The Visible-Infrared Person Re-identification (VI ReID) aims to match visible and infrared images of the same pedestrians across non-overlapped camera views. These two input modalities contain both invariant information, such as shape, and modality-specific details, such as color. An ideal model should utilize valuable information from both modalities during training for enhanced representational capability. However, the gap caused by modality-specific information poses substantial challenges for the VI ReID model to handle distinct modality inputs simultaneously. To address this, we introduce the Modality-aware and Instance-aware Visual Prompts (MIP) network in our work, designed to effectively utilize both invariant and specific information for identification. Specifically, our MIP model is built on the transformer architecture. In this model, we have designed a series of modality-specific prompts, which could enable our model to adapt to and make use of the specific information inherent in different modality inputs, thereby reducing the interference caused by the modality gap and achieving better identification. Besides, we also employ each pedestrian feature to construct a group of instance-specific prompts. These customized prompts are responsible for guiding our model to adapt to each pedestrian instance dynamically, thereby capturing identity-level discriminative clues for identification. Through extensive experiments on SYSU-MM01 and RegDB datasets, the effectiveness of both our designed modules is evaluated. Additionally, our proposed MIP performs better than most state-of-the-art methods.
Paper Structure (17 sections, 10 equations, 4 figures, 5 tables)
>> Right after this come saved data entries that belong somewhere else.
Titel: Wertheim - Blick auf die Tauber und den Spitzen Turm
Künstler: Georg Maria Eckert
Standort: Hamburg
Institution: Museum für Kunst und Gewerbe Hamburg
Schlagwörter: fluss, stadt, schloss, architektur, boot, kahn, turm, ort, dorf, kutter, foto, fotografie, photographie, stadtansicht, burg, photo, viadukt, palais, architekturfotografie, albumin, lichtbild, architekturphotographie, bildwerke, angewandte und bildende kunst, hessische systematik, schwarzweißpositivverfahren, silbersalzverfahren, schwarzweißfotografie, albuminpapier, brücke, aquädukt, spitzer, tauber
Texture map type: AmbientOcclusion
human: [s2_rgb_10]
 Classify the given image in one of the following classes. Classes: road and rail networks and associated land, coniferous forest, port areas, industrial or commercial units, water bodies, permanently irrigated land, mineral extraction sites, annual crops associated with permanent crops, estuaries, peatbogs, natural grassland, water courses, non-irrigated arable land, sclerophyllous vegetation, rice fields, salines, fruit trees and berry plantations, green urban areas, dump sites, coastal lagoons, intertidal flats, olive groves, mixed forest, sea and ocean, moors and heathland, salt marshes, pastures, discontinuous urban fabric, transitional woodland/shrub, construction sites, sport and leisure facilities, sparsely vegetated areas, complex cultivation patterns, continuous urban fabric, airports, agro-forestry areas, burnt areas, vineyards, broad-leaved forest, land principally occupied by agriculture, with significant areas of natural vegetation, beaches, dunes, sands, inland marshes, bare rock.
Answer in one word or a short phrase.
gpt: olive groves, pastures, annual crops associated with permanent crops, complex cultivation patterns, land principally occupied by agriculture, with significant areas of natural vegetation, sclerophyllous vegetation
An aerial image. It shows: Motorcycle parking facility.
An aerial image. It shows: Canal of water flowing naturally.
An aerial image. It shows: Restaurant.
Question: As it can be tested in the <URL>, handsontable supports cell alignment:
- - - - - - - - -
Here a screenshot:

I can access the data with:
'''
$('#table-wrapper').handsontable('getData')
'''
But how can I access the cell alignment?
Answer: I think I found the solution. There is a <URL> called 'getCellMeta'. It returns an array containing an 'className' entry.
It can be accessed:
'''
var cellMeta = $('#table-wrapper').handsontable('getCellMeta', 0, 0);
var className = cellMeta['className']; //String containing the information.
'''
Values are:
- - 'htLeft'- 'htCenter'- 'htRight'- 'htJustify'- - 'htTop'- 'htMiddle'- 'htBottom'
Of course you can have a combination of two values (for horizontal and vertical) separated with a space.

This paper contains 17 sections, 10 equations, 4 figures, 5 tables.

Figures (4)

  • Figure 1: The illustration of our motivation. (a) Our motivation is to utilize modality-specific details to reveal potential relationships. For example, characteristics like clothing types/materials, discerned from visible images, could influence the heat radiation intensities, thereby impacting infrared brightness variations. For intuitive example, in case 1, a uniform brightness is expected as the striped plaid shirt suggests similar materials. Conversely, Case 3 exhibits varied brightness due to different materials in the T-shirt and logo. (b) Unlike traditional methods emphasizing modality-invariant information while overlooking modality-specific information, our approach integrates modality-specific attributes like color, texture, and brightness to extract and explore potential relationships.
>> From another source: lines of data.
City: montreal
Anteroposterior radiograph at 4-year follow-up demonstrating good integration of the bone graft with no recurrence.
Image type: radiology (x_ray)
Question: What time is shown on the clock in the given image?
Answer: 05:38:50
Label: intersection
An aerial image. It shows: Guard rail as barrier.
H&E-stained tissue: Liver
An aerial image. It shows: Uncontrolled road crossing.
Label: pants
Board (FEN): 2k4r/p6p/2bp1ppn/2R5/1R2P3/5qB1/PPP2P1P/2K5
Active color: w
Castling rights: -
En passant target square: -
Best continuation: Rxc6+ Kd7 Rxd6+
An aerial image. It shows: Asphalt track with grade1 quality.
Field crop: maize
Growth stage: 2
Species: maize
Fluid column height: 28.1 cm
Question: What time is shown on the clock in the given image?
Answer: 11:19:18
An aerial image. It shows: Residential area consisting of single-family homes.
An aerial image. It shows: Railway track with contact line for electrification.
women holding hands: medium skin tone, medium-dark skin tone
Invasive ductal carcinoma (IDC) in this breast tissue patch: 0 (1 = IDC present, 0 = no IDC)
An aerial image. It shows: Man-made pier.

  • Figure 2: The overall framework of our proposed MIP network, which consists of a backbone model and two major modules. (a) A pre-trained vision transformer dosovitskiy2020image is used as the backbone model. (b) Modality-aware Prompts Learning (MPL) module produces modality-specific prompts for input visual embeddings of each layer according to the modality labels of input images. (c) Instance-aware Prompts Generator (IPG) module generates instance-specific prompts, and the generated prompts are supervised by "IAEL loss". The "IAEL Loss" is our proposed Instance-aware Enhancement Loss. The two kinds of rompts help the backbone network to adapt to different modality and instance inputs.
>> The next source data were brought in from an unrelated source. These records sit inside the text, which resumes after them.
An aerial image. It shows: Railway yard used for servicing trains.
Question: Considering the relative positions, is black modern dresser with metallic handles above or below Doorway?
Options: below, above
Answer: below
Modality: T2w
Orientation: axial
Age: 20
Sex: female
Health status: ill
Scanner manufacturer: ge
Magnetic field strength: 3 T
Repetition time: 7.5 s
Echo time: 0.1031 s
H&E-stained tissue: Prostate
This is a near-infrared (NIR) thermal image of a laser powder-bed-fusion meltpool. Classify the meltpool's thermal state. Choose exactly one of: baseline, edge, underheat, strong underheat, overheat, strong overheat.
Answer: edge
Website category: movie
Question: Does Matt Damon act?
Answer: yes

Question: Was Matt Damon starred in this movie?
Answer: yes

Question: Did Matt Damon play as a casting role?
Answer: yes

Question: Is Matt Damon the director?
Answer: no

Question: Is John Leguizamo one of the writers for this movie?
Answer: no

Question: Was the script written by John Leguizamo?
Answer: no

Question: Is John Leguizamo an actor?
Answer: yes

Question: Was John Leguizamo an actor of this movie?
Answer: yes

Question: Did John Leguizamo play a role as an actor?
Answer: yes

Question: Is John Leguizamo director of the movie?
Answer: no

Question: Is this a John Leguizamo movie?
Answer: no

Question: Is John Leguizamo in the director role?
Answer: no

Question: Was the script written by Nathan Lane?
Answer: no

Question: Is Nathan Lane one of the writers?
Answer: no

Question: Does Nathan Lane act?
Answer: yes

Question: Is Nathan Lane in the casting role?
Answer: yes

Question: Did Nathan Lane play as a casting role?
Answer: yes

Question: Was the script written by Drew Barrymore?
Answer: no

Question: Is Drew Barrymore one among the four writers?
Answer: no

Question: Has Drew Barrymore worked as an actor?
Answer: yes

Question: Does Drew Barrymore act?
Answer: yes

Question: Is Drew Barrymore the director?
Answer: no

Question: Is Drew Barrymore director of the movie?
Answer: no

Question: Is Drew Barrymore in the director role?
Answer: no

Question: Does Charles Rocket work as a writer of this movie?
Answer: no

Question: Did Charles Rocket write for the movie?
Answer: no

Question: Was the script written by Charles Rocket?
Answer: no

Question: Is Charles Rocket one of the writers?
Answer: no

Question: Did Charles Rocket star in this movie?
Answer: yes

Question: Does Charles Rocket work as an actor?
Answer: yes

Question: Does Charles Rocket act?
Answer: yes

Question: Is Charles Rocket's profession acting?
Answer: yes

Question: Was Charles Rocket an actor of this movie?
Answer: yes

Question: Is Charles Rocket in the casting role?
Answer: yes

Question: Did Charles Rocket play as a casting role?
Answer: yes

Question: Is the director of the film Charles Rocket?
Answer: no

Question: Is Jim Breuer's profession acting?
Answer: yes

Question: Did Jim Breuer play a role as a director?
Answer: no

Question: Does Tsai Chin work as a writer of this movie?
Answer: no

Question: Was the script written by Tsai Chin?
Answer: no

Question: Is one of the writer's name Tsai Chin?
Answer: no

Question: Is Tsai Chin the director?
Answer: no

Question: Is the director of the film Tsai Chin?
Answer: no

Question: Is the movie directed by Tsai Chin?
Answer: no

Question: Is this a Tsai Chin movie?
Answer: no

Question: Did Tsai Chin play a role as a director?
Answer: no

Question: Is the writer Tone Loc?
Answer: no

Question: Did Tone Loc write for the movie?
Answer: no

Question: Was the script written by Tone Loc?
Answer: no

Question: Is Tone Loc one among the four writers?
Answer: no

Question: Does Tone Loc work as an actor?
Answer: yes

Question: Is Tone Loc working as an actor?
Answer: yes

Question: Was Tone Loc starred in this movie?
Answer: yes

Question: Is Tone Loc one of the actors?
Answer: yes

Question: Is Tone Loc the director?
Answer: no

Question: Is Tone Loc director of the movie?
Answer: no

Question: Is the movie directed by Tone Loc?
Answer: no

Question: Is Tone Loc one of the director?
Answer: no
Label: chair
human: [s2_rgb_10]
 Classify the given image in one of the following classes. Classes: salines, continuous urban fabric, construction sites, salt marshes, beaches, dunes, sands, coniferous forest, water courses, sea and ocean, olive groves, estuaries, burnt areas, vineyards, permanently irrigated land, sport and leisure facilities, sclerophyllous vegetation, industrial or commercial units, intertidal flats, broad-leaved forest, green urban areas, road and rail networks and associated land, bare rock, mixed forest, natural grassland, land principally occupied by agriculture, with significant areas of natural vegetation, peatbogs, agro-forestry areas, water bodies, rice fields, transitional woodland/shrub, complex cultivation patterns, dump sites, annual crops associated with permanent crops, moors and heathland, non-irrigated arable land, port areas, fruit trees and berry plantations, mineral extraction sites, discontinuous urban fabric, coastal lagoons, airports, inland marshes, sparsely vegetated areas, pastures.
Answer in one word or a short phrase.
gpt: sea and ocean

  • Figure 3: The t-SNE visualizations results of prompts from fusion-based and generation-based IPG modules. Different colors represent distinct identities. (a) Fusion-based IPG prompts cluster closely, with less obvious boundaries between individuals, indicating weaker instance-aware ability. (b) Generation-based IPG prompts show increased distances between individuals, reflecting stronger instance-aware ability, crucial for effective adaptation to diverse instances.
  • Figure 4: The visualizations results of attention maps of our MPL module and baseline model. From the second column in each case, we could find that the baseline model tends only to capture the explicit correspondence between different modality inputs. Such as only focusing on the upper dress part while ignoring the skirt part in case (a). As for our MPL module, with the carefully designed modality-specific prompts, it could effectively adapt to and make use of the modality-specific information. This enables our MPL model to explore and capture the implicit correspondence between the skirts part. Case (b) shows a similar result.